Statements in this press release relating to future status or circumstances, including statements regarding future performance, growth and other trend projections and the other benefits of the Offer, are forward-looking statements. These statements may generally, but not always, be identified by the use of words such as “anticipates”, “intends”, “expects”, “believes”, or similar expressions. By their nature, forward-looking statements involve risk and uncertainty because they relate to events and depend on circumstances that will occur in the future. There can be no assurance that actual results will not differ materially from those expressed or implied by these forward-looking statements due to many factors, many of which are outside the control of Lifco and NOTE. Any such forward-looking statements speak only as of the date on which they are made and Lifco has no obligation (and undertakes no such obligation) to update or revise any of them, whether as a result of new information, future events or otherwise, except for in accordance with applicable laws and regulations.

Notice to shareholders in the United States
The Offer is being made for the securities of a Swedish company and is subject to Swedish disclosure requirements, which are different from those in the United States. Also, the settlement procedure with respect to the Offer will comply with Swedish law, which differs from US domestic tender procedures in certain material respects, particularly with regard to the date of payment of consideration. The Offer is being made in reliance upon exemptions afforded by Rule 14d-1(c) under the US Securities Exchange Act of 1934.

It may be difficult for investors in the United States to enforce their rights and any claim they may have arising under federal securities laws since the companies are located in a non-US jurisdiction, and some or all of their officers may be residents of non-US jurisdictions. Such US investors may not be able to sue a non-US company or its officers or directors in a non-US court for violations of the US securities laws. It may be difficult to compel a non-US company and its affiliates to subject themselves to a US court’s judgment.

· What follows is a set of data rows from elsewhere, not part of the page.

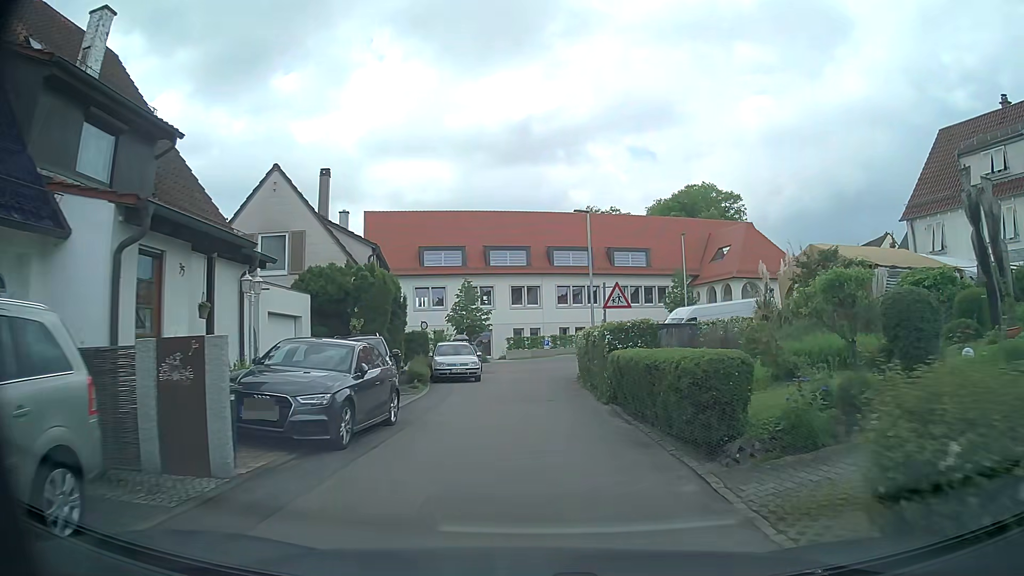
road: residential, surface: asphalt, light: Day
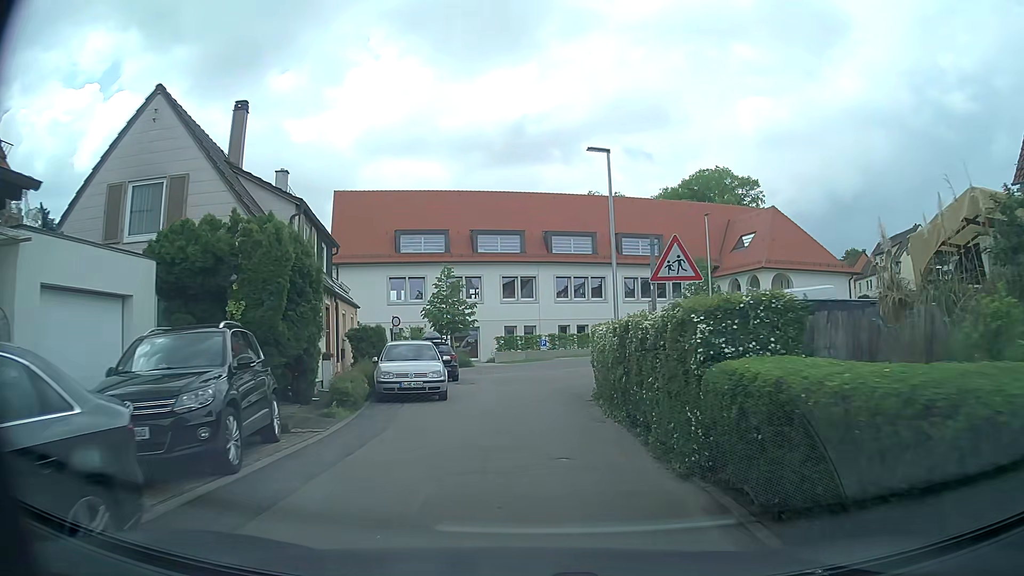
(0.0, +8.2) m; 0°
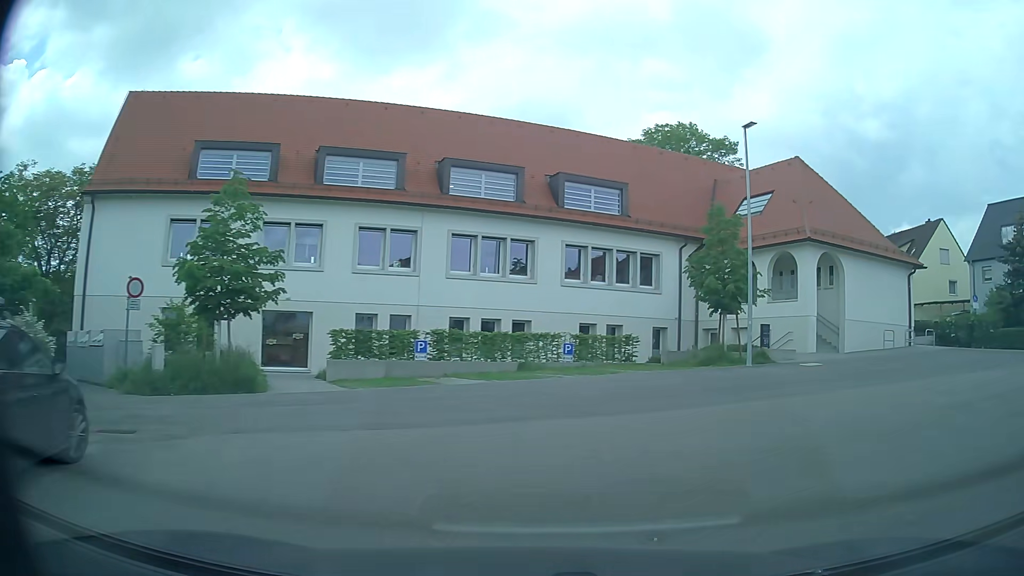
(+0.2, +20.3) m; +8°
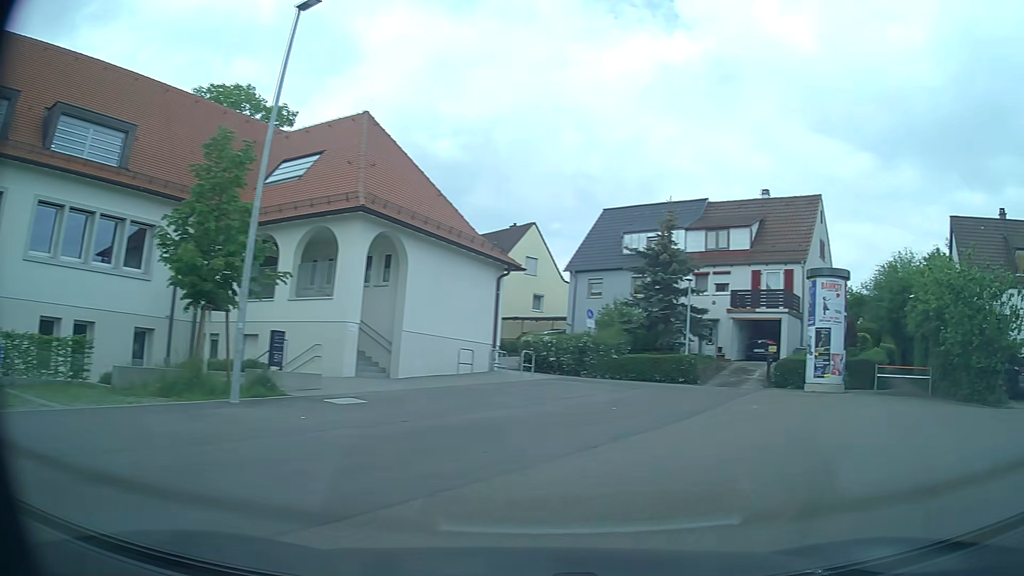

In accordance with normal Swedish market practice, Lifco, its nominees or its brokers (acting as agents) may from time to time make certain acquisitions or arrangements to acquire NOTE shares outside the Unites States, other than pursuant to the Offer, before the Offer commences and through the expiration of the Offer. These acquisitions may occur either in the open market at prevailing prices or in private transactions at negotiated prices. Any information about such acquisitions will be disclosed to the extent required by Swedish law or rules or regulations.

The offer in the Unites States is being made solely by Lifco and not by any other person.